Re: [PATCH v4 10/30] thermal/drivers/exynos: Replace of_thermal_is_trip_valid() by thermal_zone_get_trip()

From: Marek Szyprowski
Date: Fri Sep 23 2022 - 10:09:12 EST


Hi Daniel,

On 21.09.2022 11:42, Daniel Lezcano wrote:
> The thermal_zone_get_trip() does the same check as
> of_thermal_is_trip_valid(). Replace the call to
> of_thermal_is_trip_valid() by thermal_zone_get_trip().
>
> Signed-off-by: Daniel Lezcano <daniel.lezcano@xxxxxxxxxx>
> ---

This patch landed in linux next-20220923 as commit 4a71bb8005ba
("thermal/drivers/exynos: Replace of_thermal_is_trip_valid() by
thermal_zone_get_trip()").
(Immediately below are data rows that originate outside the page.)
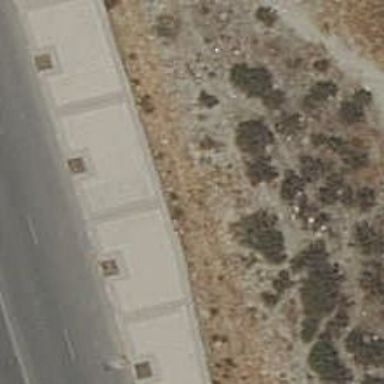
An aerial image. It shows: Kerb barrier.
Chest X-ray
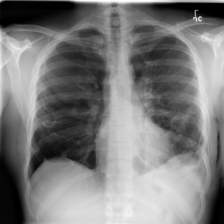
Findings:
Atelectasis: negative
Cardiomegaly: negative
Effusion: negative
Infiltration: negative
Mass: negative
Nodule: negative
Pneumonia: negative
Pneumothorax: positive
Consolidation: negative
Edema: negative
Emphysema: negative
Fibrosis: negative
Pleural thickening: negative
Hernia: negative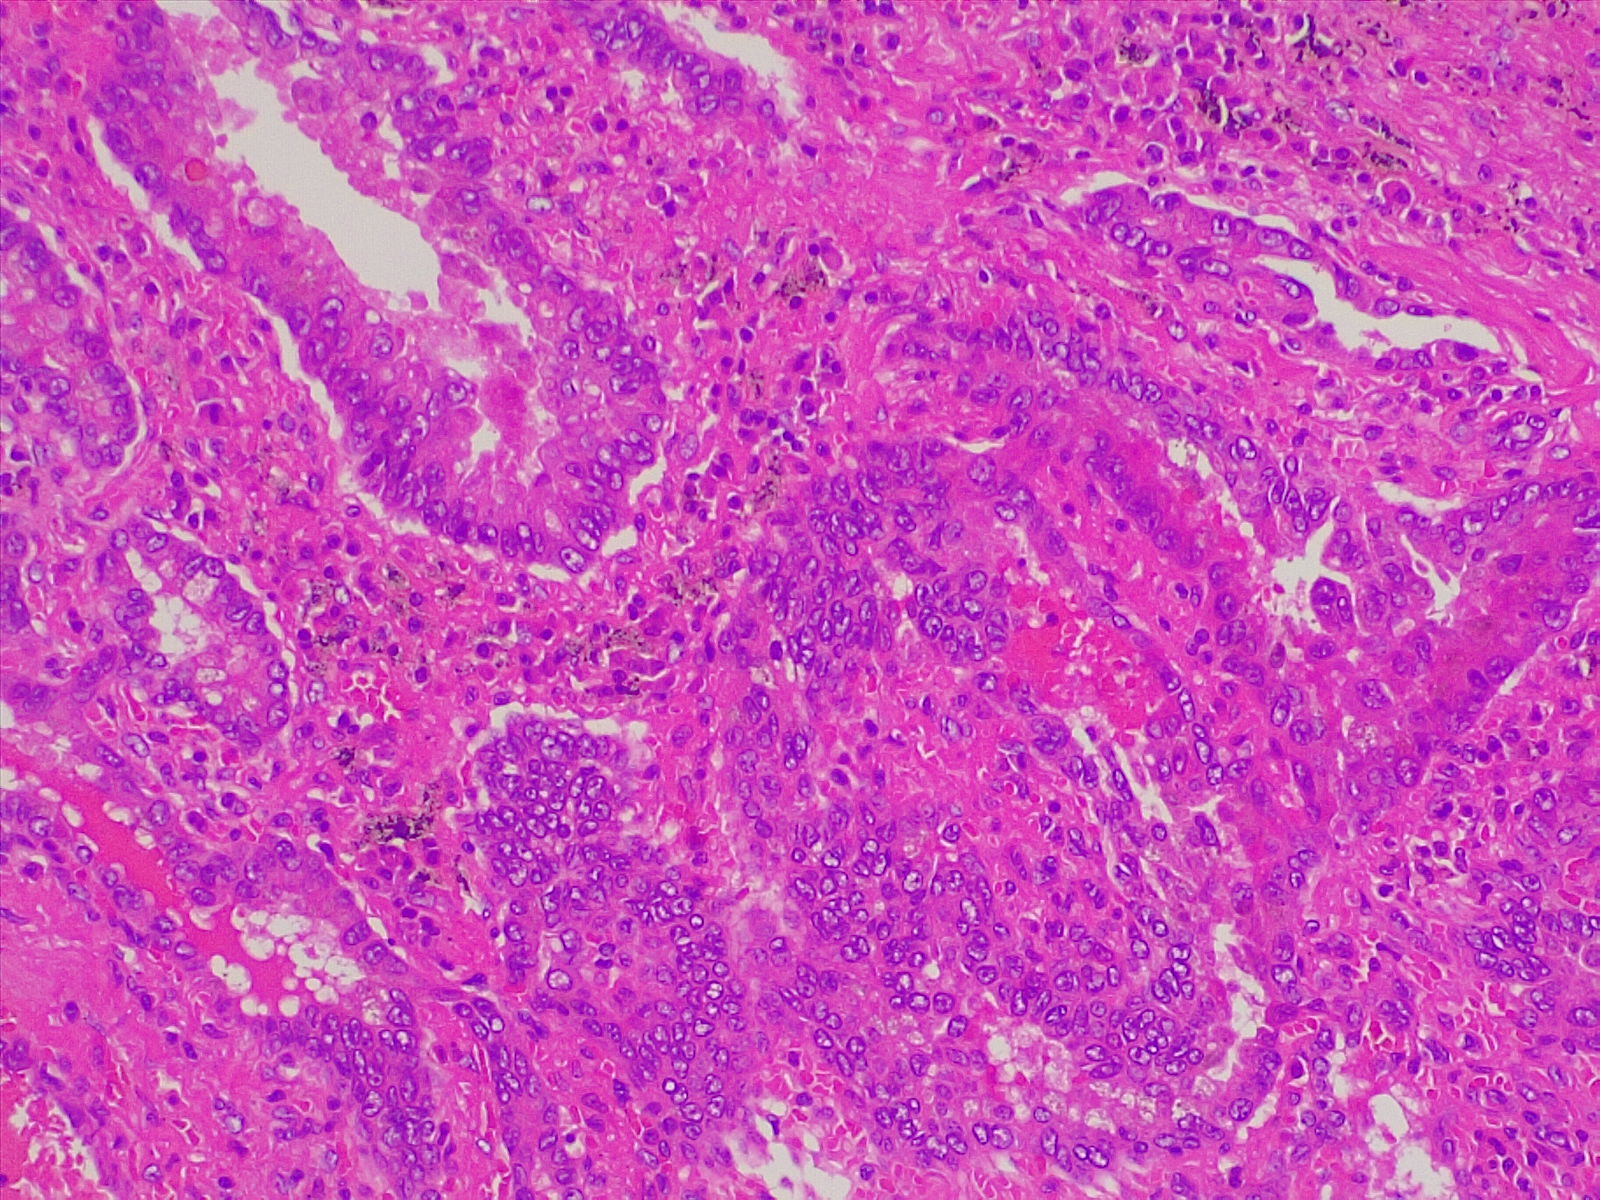
Label: lung adenocarcinoma, well differentiated

Unfortunately it causes deadlock on all
Exynos based board:

============================================
WARNING: possible recursive locking detected
6.0.0-rc1-00062-g4a71bb8005ba #12855 Not tainted
--------------------------------------------
swapper/0/1 is trying to acquire lock:
c263c394 (&tz->lock){+.+.}-{3:3}, at:
thermal_zone_device_update.part.0+0x114/0x538

but task is already holding lock:
c263c394 (&tz->lock){+.+.}-{3:3}, at:
thermal_zone_device_update.part.0+0x3c/0x538

other info that might help us debug this:
 Possible unsafe locking scenario:

       CPU0
       ----
  lock(&tz->lock);
  lock(&tz->lock);

 *** DEADLOCK ***

 May be due to missing lock nesting notation

2 locks held by swapper/0/1:
 #0: c1d5248c (&dev->mutex){....}-{3:3}, at: __driver_attach+0xe4/0x1f0
 #1: c263c394 (&tz->lock){+.+.}-{3:3}, at:
thermal_zone_device_update.part.0+0x3c/0x538

stack backtrace:
CPU: 1 PID: 1 Comm: swapper/0 Not tainted 6.0.0-rc1-00062-g4a71bb8005ba
#12855
Hardware name: Samsung Exynos (Flattened Device Tree)
 unwind_backtrace from show_stack+0x10/0x14
 show_stack from dump_stack_lvl+0x58/0x70
 dump_stack_lvl from __lock_acquire+0x146c/0x2a7c
 __lock_acquire from lock_acquire+0x124/0x3e4
 lock_acquire from __mutex_lock+0x90/0x948
 __mutex_lock from mutex_lock_nested+0x1c/0x24
 mutex_lock_nested from thermal_zone_device_update.part.0+0x114/0x538
 thermal_zone_device_update.part.0 from
thermal_zone_device_set_mode+0x70/0x98
 thermal_zone_device_set_mode from thermal_of_zone_register+0x424/0x69c
 thermal_of_zone_register from devm_thermal_of_zone_register+0x58/0x94
 devm_thermal_of_zone_register from exynos_tmu_probe+0x29c/0x728
 exynos_tmu_probe from platform_probe+0x5c/0xb8
 platform_probe from really_probe+0xe0/0x414
 really_probe from __driver_probe_device+0xa0/0x208
 __driver_probe_device from driver_probe_device+0x30/0xc0
 driver_probe_device from __driver_attach+0xf0/0x1f0
 __driver_attach from bus_for_each_dev+0x70/0xb0
 bus_for_each_dev from bus_add_driver+0x174/0x218
 bus_add_driver from driver_register+0x88/0x11c
 driver_register from do_one_initcall+0x64/0x380
 do_one_initcall from kernel_init_freeable+0x1c0/0x224
 kernel_init_freeable from kernel_init+0x18/0x12c
 kernel_init from ret_from_fork+0x14/0x2c
Exception stack(0xf082dfb0 to 0xf082dff8)

[deadlock]

Something is wrong in locking in the functions from the above stacktrace.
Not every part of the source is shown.